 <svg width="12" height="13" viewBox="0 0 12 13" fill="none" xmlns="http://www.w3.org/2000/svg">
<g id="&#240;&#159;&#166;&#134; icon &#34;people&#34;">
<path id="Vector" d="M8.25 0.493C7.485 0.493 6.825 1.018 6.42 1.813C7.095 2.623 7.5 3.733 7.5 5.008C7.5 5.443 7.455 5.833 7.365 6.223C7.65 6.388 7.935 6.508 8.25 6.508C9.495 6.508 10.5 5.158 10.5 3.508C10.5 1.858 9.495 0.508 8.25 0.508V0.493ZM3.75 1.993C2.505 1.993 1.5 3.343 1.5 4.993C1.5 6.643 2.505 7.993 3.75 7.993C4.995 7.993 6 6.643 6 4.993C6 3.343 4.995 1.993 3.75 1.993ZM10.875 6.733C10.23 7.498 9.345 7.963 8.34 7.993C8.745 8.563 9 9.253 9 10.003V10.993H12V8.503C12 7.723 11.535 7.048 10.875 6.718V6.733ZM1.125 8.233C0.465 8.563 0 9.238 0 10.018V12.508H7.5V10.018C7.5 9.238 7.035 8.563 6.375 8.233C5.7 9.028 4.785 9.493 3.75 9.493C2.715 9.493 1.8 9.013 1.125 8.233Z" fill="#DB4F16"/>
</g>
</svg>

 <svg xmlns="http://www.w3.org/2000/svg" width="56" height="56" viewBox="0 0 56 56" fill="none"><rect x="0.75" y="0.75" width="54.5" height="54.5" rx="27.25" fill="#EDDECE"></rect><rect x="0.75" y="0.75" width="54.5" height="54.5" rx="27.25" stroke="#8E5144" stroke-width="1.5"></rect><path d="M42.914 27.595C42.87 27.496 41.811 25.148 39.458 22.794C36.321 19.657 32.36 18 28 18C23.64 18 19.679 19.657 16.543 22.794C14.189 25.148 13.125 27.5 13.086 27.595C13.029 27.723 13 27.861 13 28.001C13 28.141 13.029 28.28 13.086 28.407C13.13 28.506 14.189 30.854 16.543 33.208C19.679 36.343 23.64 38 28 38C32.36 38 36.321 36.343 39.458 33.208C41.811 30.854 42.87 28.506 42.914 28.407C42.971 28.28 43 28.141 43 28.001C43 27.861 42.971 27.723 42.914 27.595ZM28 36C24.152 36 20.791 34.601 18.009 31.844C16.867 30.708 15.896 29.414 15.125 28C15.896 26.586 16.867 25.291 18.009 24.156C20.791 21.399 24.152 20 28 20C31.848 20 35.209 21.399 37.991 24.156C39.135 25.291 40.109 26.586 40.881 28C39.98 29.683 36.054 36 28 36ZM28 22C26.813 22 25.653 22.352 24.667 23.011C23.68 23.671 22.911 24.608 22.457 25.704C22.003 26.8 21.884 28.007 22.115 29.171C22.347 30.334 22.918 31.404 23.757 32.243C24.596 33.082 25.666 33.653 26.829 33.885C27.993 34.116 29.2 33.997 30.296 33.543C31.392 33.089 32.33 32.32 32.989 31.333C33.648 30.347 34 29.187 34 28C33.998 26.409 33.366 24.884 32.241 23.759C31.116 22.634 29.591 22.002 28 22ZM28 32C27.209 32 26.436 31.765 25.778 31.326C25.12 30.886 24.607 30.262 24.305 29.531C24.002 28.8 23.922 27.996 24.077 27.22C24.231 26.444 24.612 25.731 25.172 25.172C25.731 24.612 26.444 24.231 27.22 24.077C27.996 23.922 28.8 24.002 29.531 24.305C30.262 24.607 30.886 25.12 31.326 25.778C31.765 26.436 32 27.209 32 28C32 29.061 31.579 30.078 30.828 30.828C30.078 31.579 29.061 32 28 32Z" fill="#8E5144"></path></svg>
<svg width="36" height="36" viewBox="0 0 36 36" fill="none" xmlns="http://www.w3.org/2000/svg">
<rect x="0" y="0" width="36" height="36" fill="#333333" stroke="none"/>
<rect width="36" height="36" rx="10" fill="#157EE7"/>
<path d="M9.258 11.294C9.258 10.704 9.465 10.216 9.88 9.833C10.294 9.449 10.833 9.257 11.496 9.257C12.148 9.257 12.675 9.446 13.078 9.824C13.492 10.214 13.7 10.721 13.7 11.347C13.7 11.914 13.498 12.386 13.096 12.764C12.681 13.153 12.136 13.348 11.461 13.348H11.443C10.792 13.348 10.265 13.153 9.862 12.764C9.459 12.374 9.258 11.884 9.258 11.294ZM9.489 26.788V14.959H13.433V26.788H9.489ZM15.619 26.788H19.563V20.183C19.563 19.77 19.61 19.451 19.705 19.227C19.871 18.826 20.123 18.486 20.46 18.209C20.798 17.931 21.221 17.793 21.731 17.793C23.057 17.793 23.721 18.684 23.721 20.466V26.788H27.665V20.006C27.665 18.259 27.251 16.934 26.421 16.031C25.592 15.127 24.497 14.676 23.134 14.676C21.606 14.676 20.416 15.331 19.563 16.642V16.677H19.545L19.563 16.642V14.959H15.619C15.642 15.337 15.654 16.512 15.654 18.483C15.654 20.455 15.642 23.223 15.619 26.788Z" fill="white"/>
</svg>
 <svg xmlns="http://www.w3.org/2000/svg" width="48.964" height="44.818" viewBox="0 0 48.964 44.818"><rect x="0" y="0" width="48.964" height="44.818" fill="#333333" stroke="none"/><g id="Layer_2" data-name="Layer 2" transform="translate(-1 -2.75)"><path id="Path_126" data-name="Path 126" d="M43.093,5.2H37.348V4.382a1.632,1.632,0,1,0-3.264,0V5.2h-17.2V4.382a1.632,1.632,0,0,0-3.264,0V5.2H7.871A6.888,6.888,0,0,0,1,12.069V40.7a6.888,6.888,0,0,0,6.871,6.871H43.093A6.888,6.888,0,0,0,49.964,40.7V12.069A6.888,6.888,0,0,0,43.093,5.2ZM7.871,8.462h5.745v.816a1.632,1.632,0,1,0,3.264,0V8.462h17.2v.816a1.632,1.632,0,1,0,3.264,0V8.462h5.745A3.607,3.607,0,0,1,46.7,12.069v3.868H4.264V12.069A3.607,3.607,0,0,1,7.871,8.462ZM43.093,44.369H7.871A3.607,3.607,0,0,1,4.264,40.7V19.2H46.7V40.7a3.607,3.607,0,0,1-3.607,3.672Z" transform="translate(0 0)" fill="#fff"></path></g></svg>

· · · ·

▶ _Your instructions_
Extract each line of the material exactly as it stands.

▶ _Your response_
 <svg width="12" height="13" viewBox="0 0 12 13" fill="none" xmlns="http://www.w3.org/2000/svg">
<g id="&#240;&#159;&#166;&#134; icon &#34;people&#34;">
<path id="Vector" d="M8.25 0.493C7.485 0.493 6.825 1.018 6.42 1.813C7.095 2.623 7.5 3.733 7.5 5.008C7.5 5.443 7.455 5.833 7.365 6.223C7.65 6.388 7.935 6.508 8.25 6.508C9.495 6.508 10.5 5.158 10.5 3.508C10.5 1.858 9.495 0.508 8.25 0.508V0.493ZM3.75 1.993C2.505 1.993 1.5 3.343 1.5 4.993C1.5 6.643 2.505 7.993 3.75 7.993C4.995 7.993 6 6.643 6 4.993C6 3.343 4.995 1.993 3.75 1.993ZM10.875 6.733C10.23 7.498 9.345 7.963 8.34 7.993C8.745 8.563 9 9.253 9 10.003V10.993H12V8.503C12 7.723 11.535 7.048 10.875 6.718V6.733ZM1.125 8.233C0.465 8.563 0 9.238 0 10.018V12.508H7.5V10.018C7.5 9.238 7.035 8.563 6.375 8.233C5.7 9.028 4.785 9.493 3.75 9.493C2.715 9.493 1.8 9.013 1.125 8.233Z" fill="#DB4F16"/>
</g>
</svg>

 <svg xmlns="http://www.w3.org/2000/svg" width="56" height="56" viewBox="0 0 56 56" fill="none"><rect x="0.75" y="0.75" width="54.5" height="54.5" rx="27.25" fill="#EDDECE"></rect><rect x="0.75" y="0.75" width="54.5" height="54.5" rx="27.25" stroke="#8E5144" stroke-width="1.5"></rect><path d="M42.914 27.595C42.87 27.496 41.811 25.148 39.458 22.794C36.321 19.657 32.36 18 28 18C23.64 18 19.679 19.657 16.543 22.794C14.189 25.148 13.125 27.5 13.086 27.595C13.029 27.723 13 27.861 13 28.001C13 28.141 13.029 28.28 13.086 28.407C13.13 28.506 14.189 30.854 16.543 33.208C19.679 36.343 23.64 38 28 38C32.36 38 36.321 36.343 39.458 33.208C41.811 30.854 42.87 28.506 42.914 28.407C42.971 28.28 43 28.141 43 28.001C43 27.861 42.971 27.723 42.914 27.595ZM28 36C24.152 36 20.791 34.601 18.009 31.844C16.867 30.708 15.896 29.414 15.125 28C15.896 26.586 16.867 25.291 18.009 24.156C20.791 21.399 24.152 20 28 20C31.848 20 35.209 21.399 37.991 24.156C39.135 25.291 40.109 26.586 40.881 28C39.98 29.683 36.054 36 28 36ZM28 22C26.813 22 25.653 22.352 24.667 23.011C23.68 23.671 22.911 24.608 22.457 25.704C22.003 26.8 21.884 28.007 22.115 29.171C22.347 30.334 22.918 31.404 23.757 32.243C24.596 33.082 25.666 33.653 26.829 33.885C27.993 34.116 29.2 33.997 30.296 33.543C31.392 33.089 32.33 32.32 32.989 31.333C33.648 30.347 34 29.187 34 28C33.998 26.409 33.366 24.884 32.241 23.759C31.116 22.634 29.591 22.002 28 22ZM28 32C27.209 32 26.436 31.765 25.778 31.326C25.12 30.886 24.607 30.262 24.305 29.531C24.002 28.8 23.922 27.996 24.077 27.22C24.231 26.444 24.612 25.731 25.172 25.172C25.731 24.612 26.444 24.231 27.22 24.077C27.996 23.922 28.8 24.002 29.531 24.305C30.262 24.607 30.886 25.12 31.326 25.778C31.765 26.436 32 27.209 32 28C32 29.061 31.579 30.078 30.828 30.828C30.078 31.579 29.061 32 28 32Z" fill="#8E5144"></path></svg>
<svg width="36" height="36" viewBox="0 0 36 36" fill="none" xmlns="http://www.w3.org/2000/svg">
<rect x="0" y="0" width="36" height="36" fill="#333333" stroke="none"/>
<rect width="36" height="36" rx="10" fill="#157EE7"/>
<path d="M9.258 11.294C9.258 10.704 9.465 10.216 9.88 9.833C10.294 9.449 10.833 9.257 11.496 9.257C12.148 9.257 12.675 9.446 13.078 9.824C13.492 10.214 13.7 10.721 13.7 11.347C13.7 11.914 13.498 12.386 13.096 12.764C12.681 13.153 12.136 13.348 11.461 13.348H11.443C10.792 13.348 10.265 13.153 9.862 12.764C9.459 12.374 9.258 11.884 9.258 11.294ZM9.489 26.788V14.959H13.433V26.788H9.489ZM15.619 26.788H19.563V20.183C19.563 19.77 19.61 19.451 19.705 19.227C19.871 18.826 20.123 18.486 20.46 18.209C20.798 17.931 21.221 17.793 21.731 17.793C23.057 17.793 23.721 18.684 23.721 20.466V26.788H27.665V20.006C27.665 18.259 27.251 16.934 26.421 16.031C25.592 15.127 24.497 14.676 23.134 14.676C21.606 14.676 20.416 15.331 19.563 16.642V16.677H19.545L19.563 16.642V14.959H15.619C15.642 15.337 15.654 16.512 15.654 18.483C15.654 20.455 15.642 23.223 15.619 26.788Z" fill="white"/>
</svg>
 <svg xmlns="http://www.w3.org/2000/svg" width="48.964" height="44.818" viewBox="0 0 48.964 44.818"><rect x="0" y="0" width="48.964" height="44.818" fill="#333333" stroke="none"/><g id="Layer_2" data-name="Layer 2" transform="translate(-1 -2.75)"><path id="Path_126" data-name="Path 126" d="M43.093,5.2H37.348V4.382a1.632,1.632,0,1,0-3.264,0V5.2h-17.2V4.382a1.632,1.632,0,0,0-3.264,0V5.2H7.871A6.888,6.888,0,0,0,1,12.069V40.7a6.888,6.888,0,0,0,6.871,6.871H43.093A6.888,6.888,0,0,0,49.964,40.7V12.069A6.888,6.888,0,0,0,43.093,5.2ZM7.871,8.462h5.745v.816a1.632,1.632,0,1,0,3.264,0V8.462h17.2v.816a1.632,1.632,0,1,0,3.264,0V8.462h5.745A3.607,3.607,0,0,1,46.7,12.069v3.868H4.264V12.069A3.607,3.607,0,0,1,7.871,8.462ZM43.093,44.369H7.871A3.607,3.607,0,0,1,4.264,40.7V19.2H46.7V40.7a3.607,3.607,0,0,1-3.607,3.672Z" transform="translate(0 0)" fill="#fff"></path></g></svg>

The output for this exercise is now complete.